Stored records
= = =

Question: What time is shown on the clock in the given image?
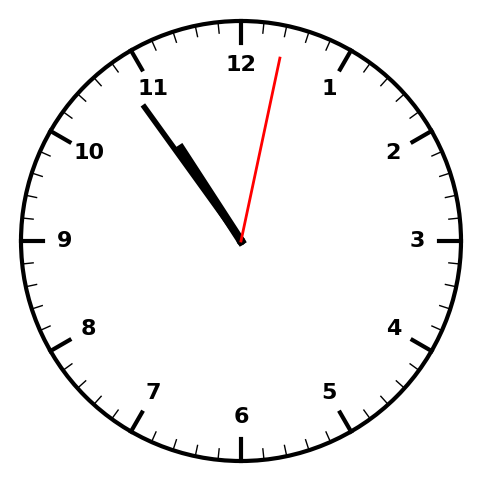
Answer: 10:54:02
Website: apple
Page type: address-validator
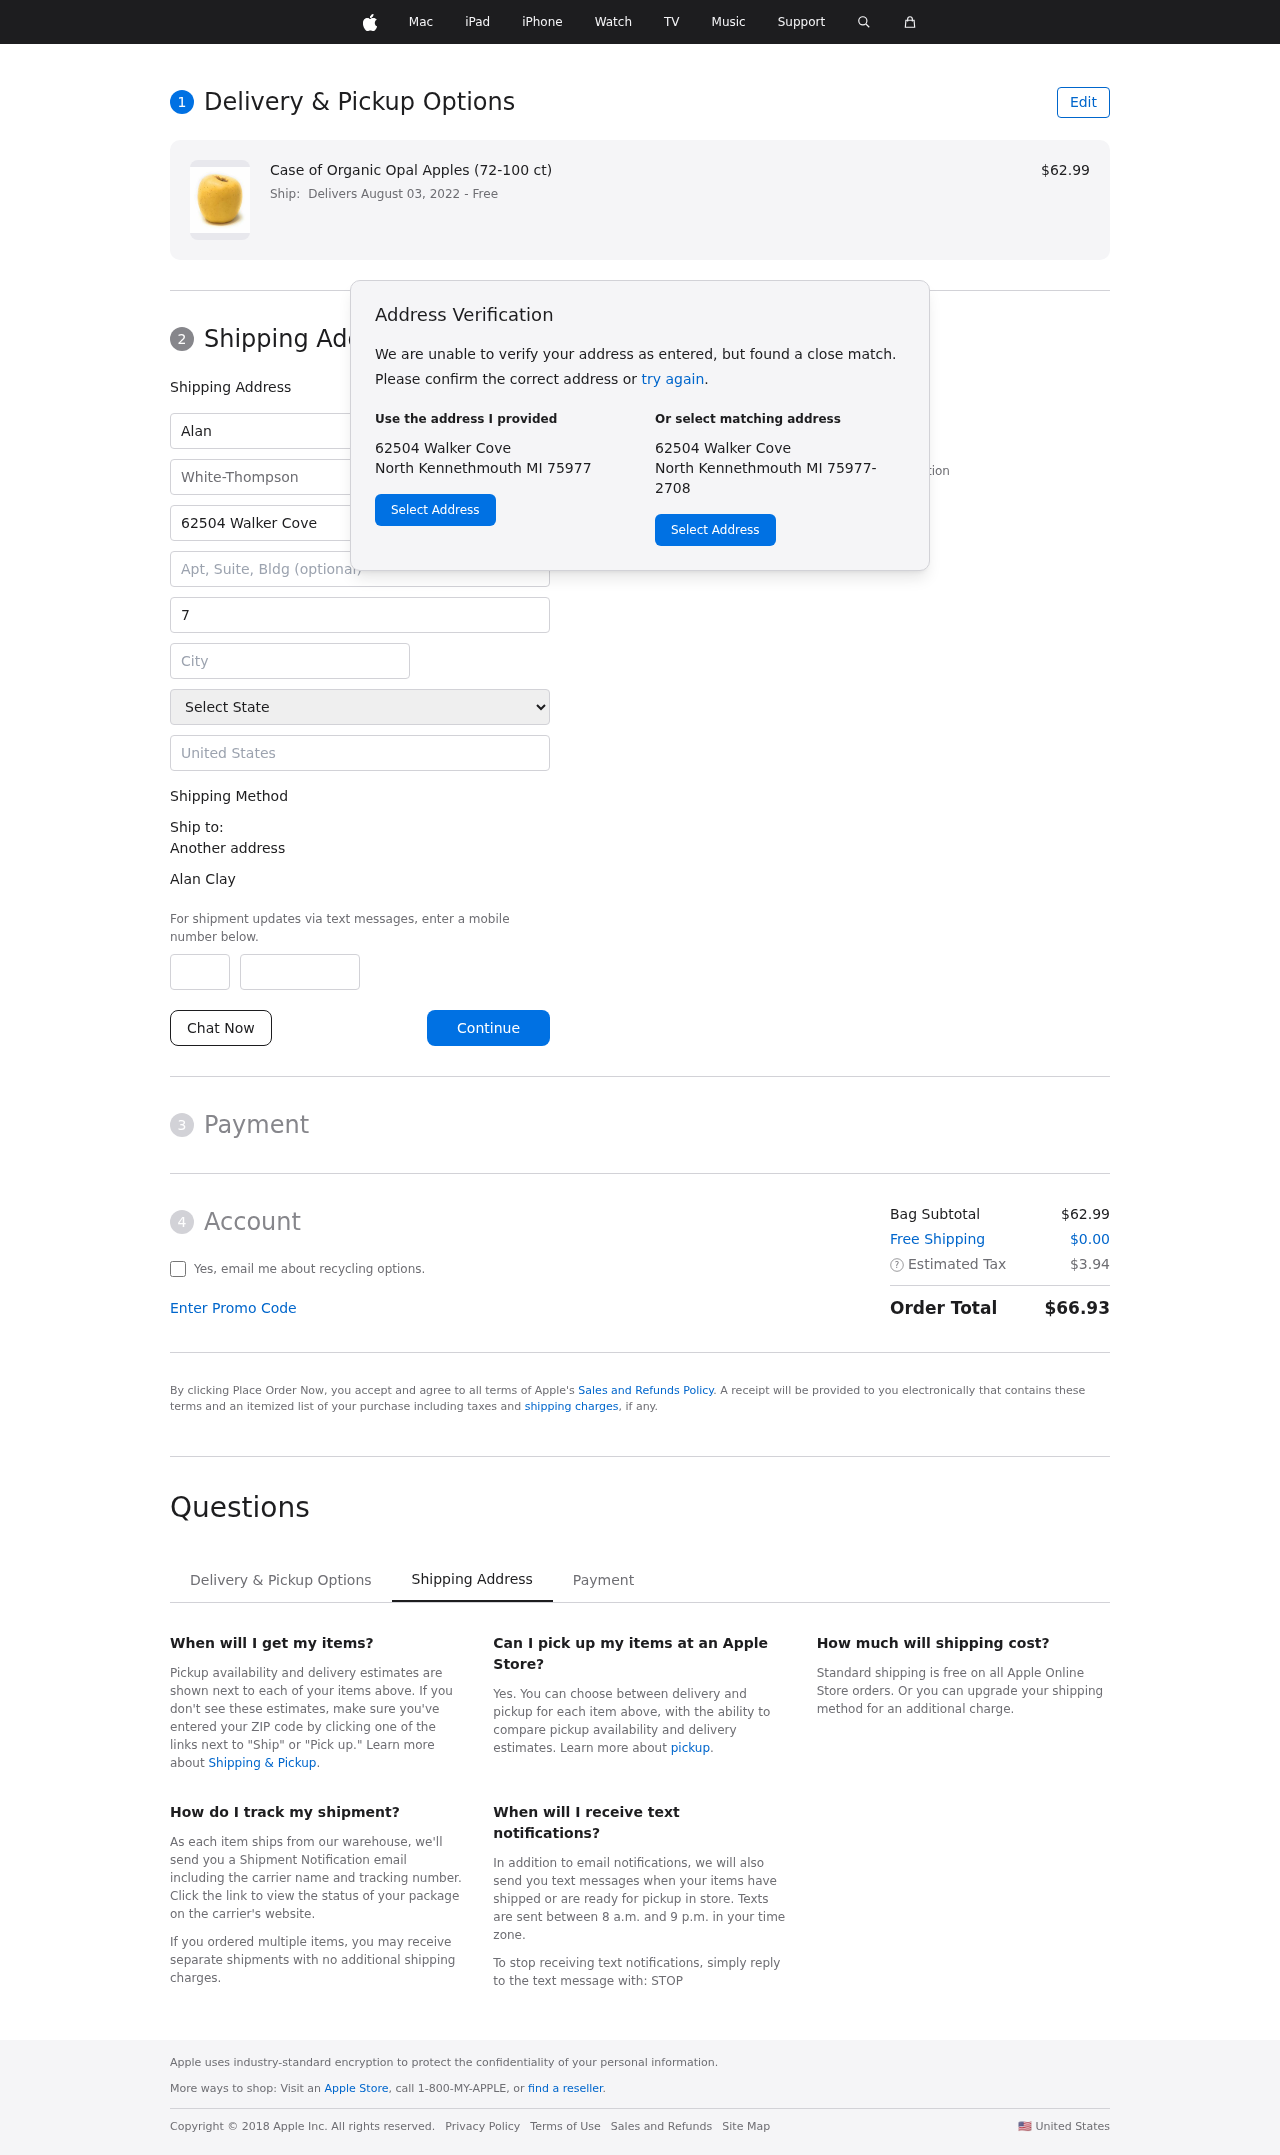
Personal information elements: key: PII_CITY
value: North Kennethmouth
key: PII_COMPANY
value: White-Thompson
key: PII_COUNTRY
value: United States
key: PII_FIRSTNAME
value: Alan
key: PII_FULLNAME
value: Alan Clay
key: PII_LASTNAME
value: Clay
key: PII_PHONE_AREA
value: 340
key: PII_PHONE_SUFFIX
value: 9494
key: PII_POSTCODE
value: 75977
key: PII_STATE
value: Michigan
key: PII_STREET
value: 62504 Walker Cove
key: PII_CITY_STATE_ZIP
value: North Kennethmouth MI 75977
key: PII_STATE_ABBR
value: MI
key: PII_POSTCODE_FULL
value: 75977
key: PII_POSTCODE_NUMERIC
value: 75977
Product elements: key: PRODUCT1_NAME
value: Case of Organic Opal Apples (72-100 ct)
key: PRODUCT1_PRICE
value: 62.99
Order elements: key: ORDER_DELIVERY_DATE
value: Delivers August 03, 2022
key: ORDER_SUBTOTAL
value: $62.99
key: ORDER_SHIPPING_COST
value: $0.00
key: ORDER_TAX
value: $3.94
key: ORDER_TOTAL
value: $66.93
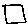
Label: square
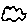
Label: cloud
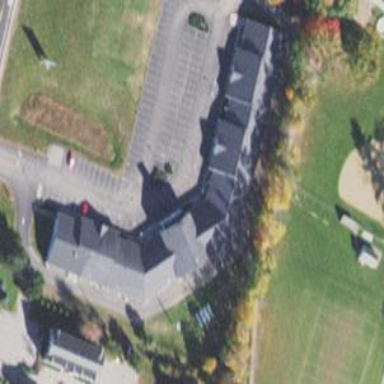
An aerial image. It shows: Veterinary facility.
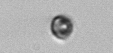
Label: nanoplankton_mix
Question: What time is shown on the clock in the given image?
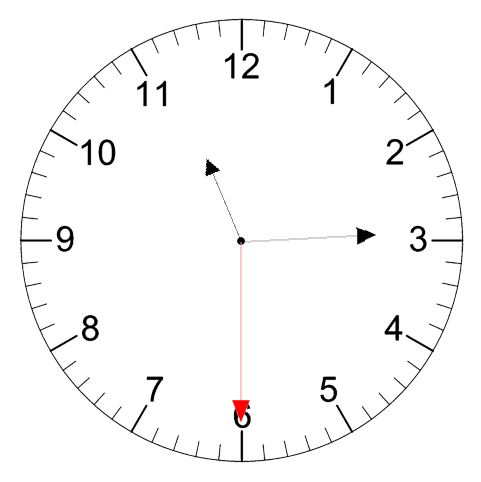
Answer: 11:14:30
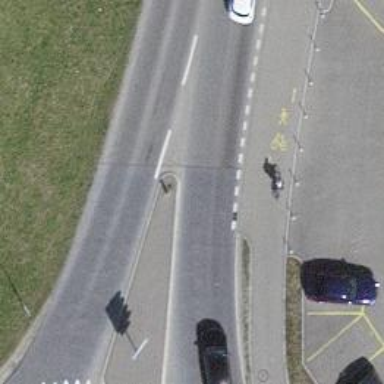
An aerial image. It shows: Primary highway with cycle track on the left.
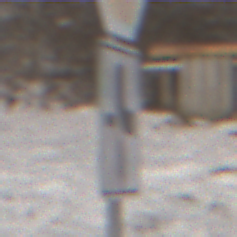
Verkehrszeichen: VerlaufVorfahrtsstrasse4
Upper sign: Stop
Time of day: MorningAfternoon
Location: Outdoor (Nature)
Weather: PartlyCloudy
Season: Winter
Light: Natural
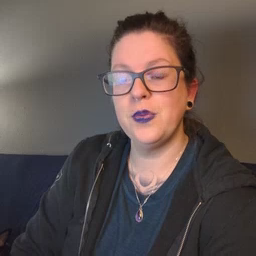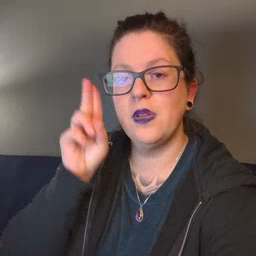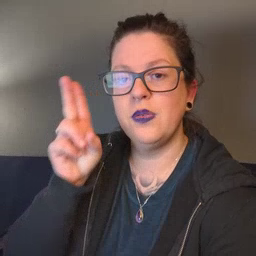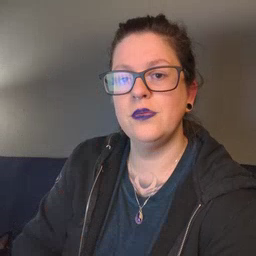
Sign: uncle
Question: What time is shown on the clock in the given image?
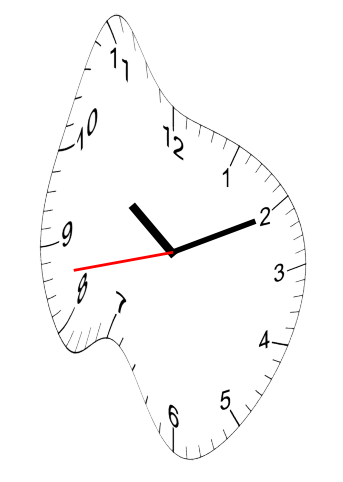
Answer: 10:10:43
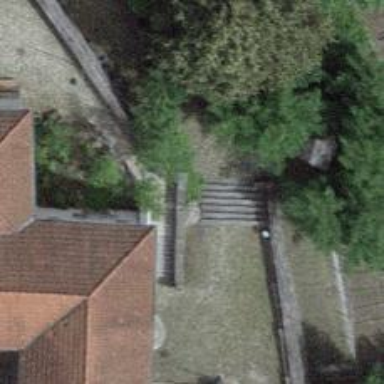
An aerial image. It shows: Path made of unhewn cobblestone.
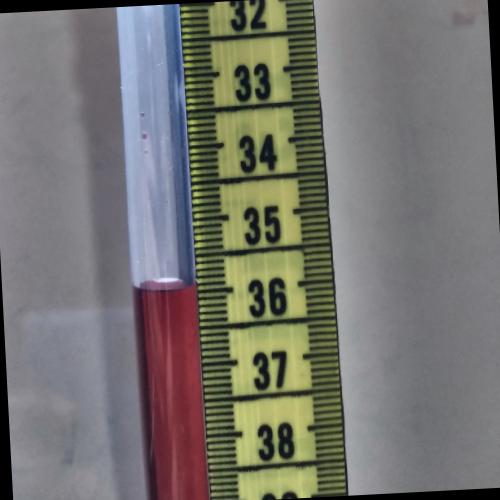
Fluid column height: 35.9 cm
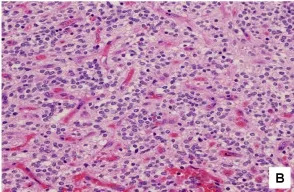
Histopathological features of the pediatric glioma reported. (B) A prominent micro-vascular stroma presenting branching capillaries with endothelial tumefaction can be observed.
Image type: pathology (h&e)
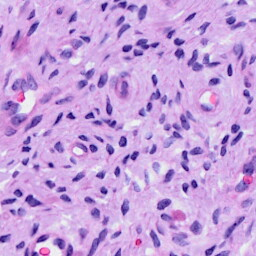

= = =

> [Instructions for the task]: Pictures are to be dropped; the lines from the start of the entries above through the line with "key: PII_POSTCODE_NUMERIC" are to be given again verbatim.

> [Solved exercise]:
Question: What time is shown on the clock in the given image?
Answer: 10:54:02
Website: apple
Page type: address-validator
Personal information elements: key: PII_CITY
value: North Kennethmouth
key: PII_COMPANY
value: White-Thompson
key: PII_COUNTRY
value: United States
key: PII_FIRSTNAME
value: Alan
key: PII_FULLNAME
value: Alan Clay
key: PII_LASTNAME
value: Clay
key: PII_PHONE_AREA
value: 340
key: PII_PHONE_SUFFIX
value: 9494
key: PII_POSTCODE
value: 75977
key: PII_STATE
value: Michigan
key: PII_STREET
value: 62504 Walker Cove
key: PII_CITY_STATE_ZIP
value: North Kennethmouth MI 75977
key: PII_STATE_ABBR
value: MI
key: PII_POSTCODE_FULL
value: 75977
key: PII_POSTCODE_NUMERIC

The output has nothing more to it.